かかる間に、人の家の池と名あるところより、鯉はなくて、鮒よりはじめて、川のも海のも、こと物ども、長櫃(ながびつ)に担(にな)ひ続けておこせたり。若菜ぞ今日をば知らせたる。歌あり。その歌、

  浅茅生(あさぢふ)の野辺にしあれば水もなき池に摘みつる若菜なりけり

いとをかしかし。この池といふは、所(ところ)の名なり。よき人の、男(をとこ)につきて、下りて住みけるなり。この長櫃の物は、みな人・童(わらは)までにくれたれば、飽きみちて、船子(ふなご)どもは腹鼓(はらつづみ)を打ちて、海をさへおどろかして、波立てつべし。

かくて、この間に、こと多かり。今日破子(わりご)持たせて来たる人、その名などぞや今思ひ出でむ。この人、歌詠まむと思ふ心ありてなりけり。とかく言ひ言ひて、「波の立つなること」と、うるへ言ひて詠める歌、

  行く先に立つ白波の声よりも遅れて泣かむわれやまさらむ

とぞ詠める。いと大声なるべし。持て来たる物よりは、歌はいかがあらむ。

この歌を、これかれ、あはれがれども、一人も返しせず。しつべき人もまじれれど、これをのみいたがり、ものを飲み食ひて、夜更けぬ。

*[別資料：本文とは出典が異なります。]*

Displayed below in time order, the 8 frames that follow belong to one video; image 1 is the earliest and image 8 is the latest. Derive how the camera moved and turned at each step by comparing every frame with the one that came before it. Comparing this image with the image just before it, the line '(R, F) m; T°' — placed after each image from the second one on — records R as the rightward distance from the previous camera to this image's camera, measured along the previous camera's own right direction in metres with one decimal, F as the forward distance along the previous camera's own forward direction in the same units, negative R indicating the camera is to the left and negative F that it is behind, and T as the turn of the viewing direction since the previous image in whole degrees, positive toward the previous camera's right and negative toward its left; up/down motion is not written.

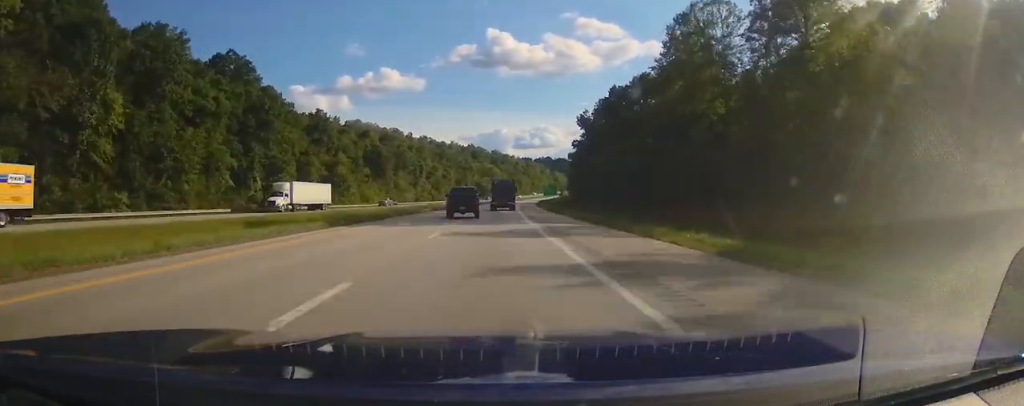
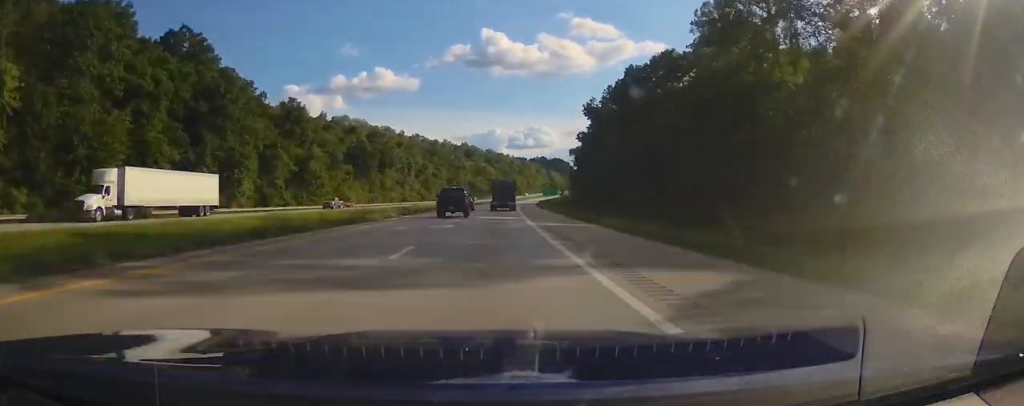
(0.0, +18.5) m; 0°
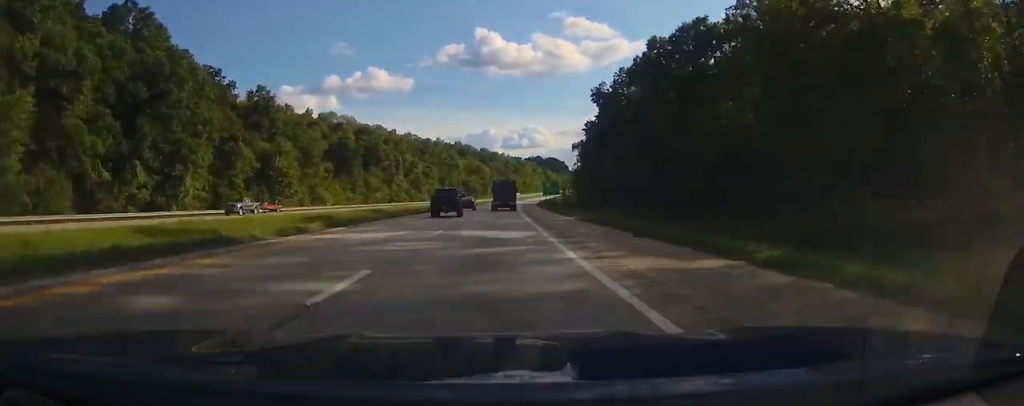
(0.0, +17.4) m; 0°
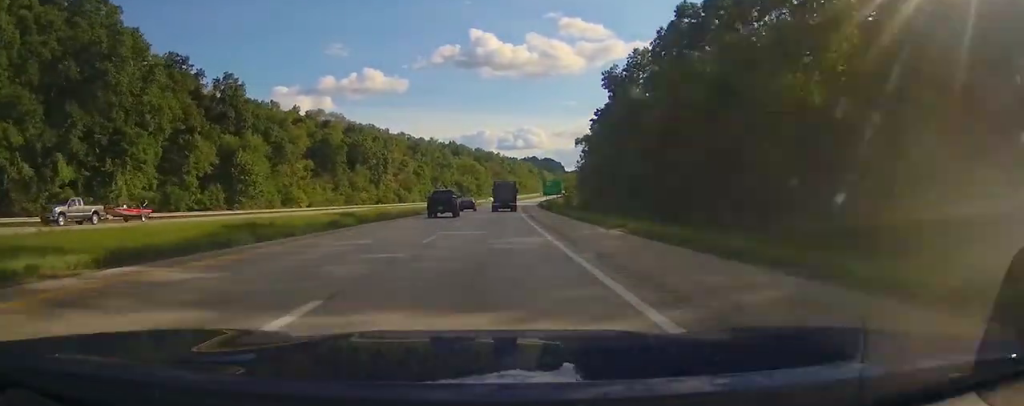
(0.0, +15.2) m; 0°
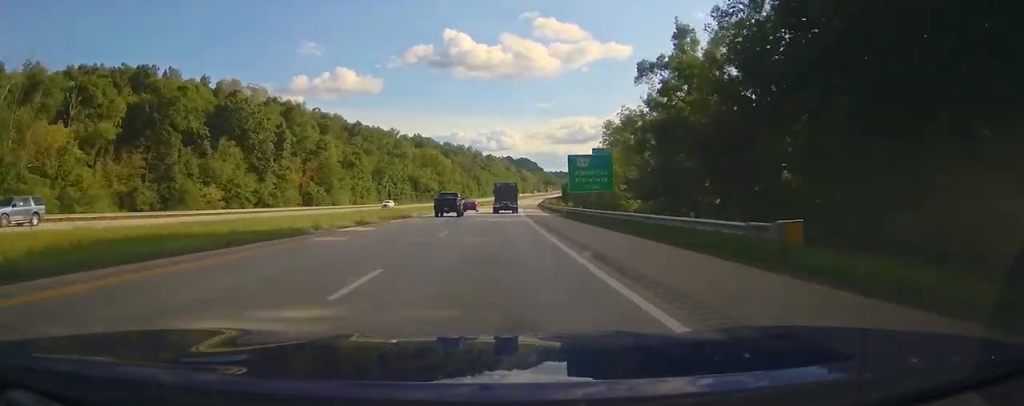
(0.0, +82.9) m; 0°
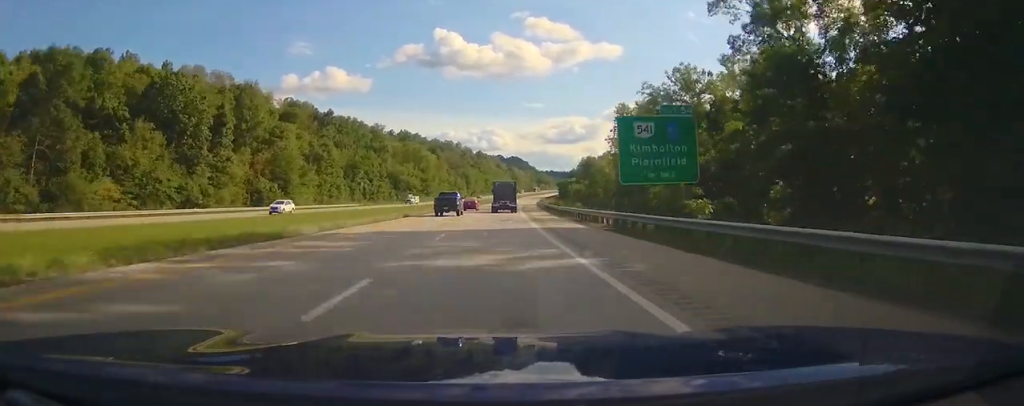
(0.0, +25.8) m; 0°
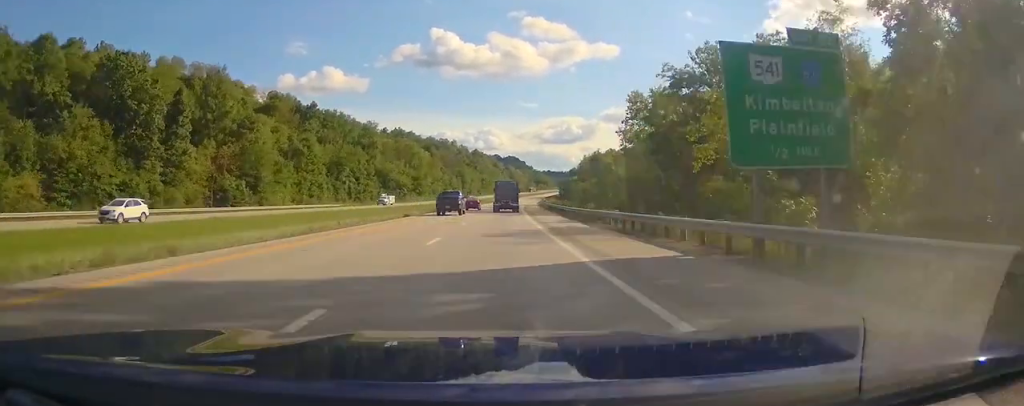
(0.0, +14.8) m; 0°
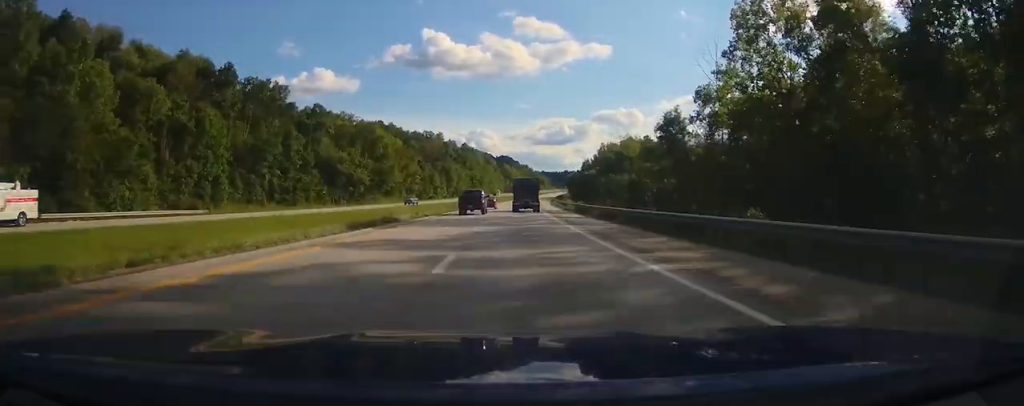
(+1.1, +55.2) m; +5°

この歌主(うたぬし)、「まだまからず」と言ひて立ちぬ。ある人の子の童なる、ひそかに言ふ。「まろ、この歌の返しせん」と言ふ。驚きて、「いとをかしきことかな。詠みてむやは。詠みつべくは、はや言へかし」と言ふ。「『まからず』とて立ちぬる人を待ちて詠まん」とて、求めけるを、「夜更けぬ」とやありけむ、やがて去(い)にけり。

「そもそも、いかが詠んだる」と、いぶかしがりて問ふ。この童、さすがに恥ぢて言はず。しひて問へば言へる歌、

  行く人もとまるも袖の涙川みぎはのみこそ濡れまさりけれ

となん詠める。かくは言ふものか。うつくしければにやあらん、いと思はずなり。「童言(わらはごと)にては何かはせむ。嫗(おむな)翁(おきな)、手捺(てお)しつべし。悪しくもあれ、いかにもあれ、たよりあらばやらむ」とて、置かれぬめり。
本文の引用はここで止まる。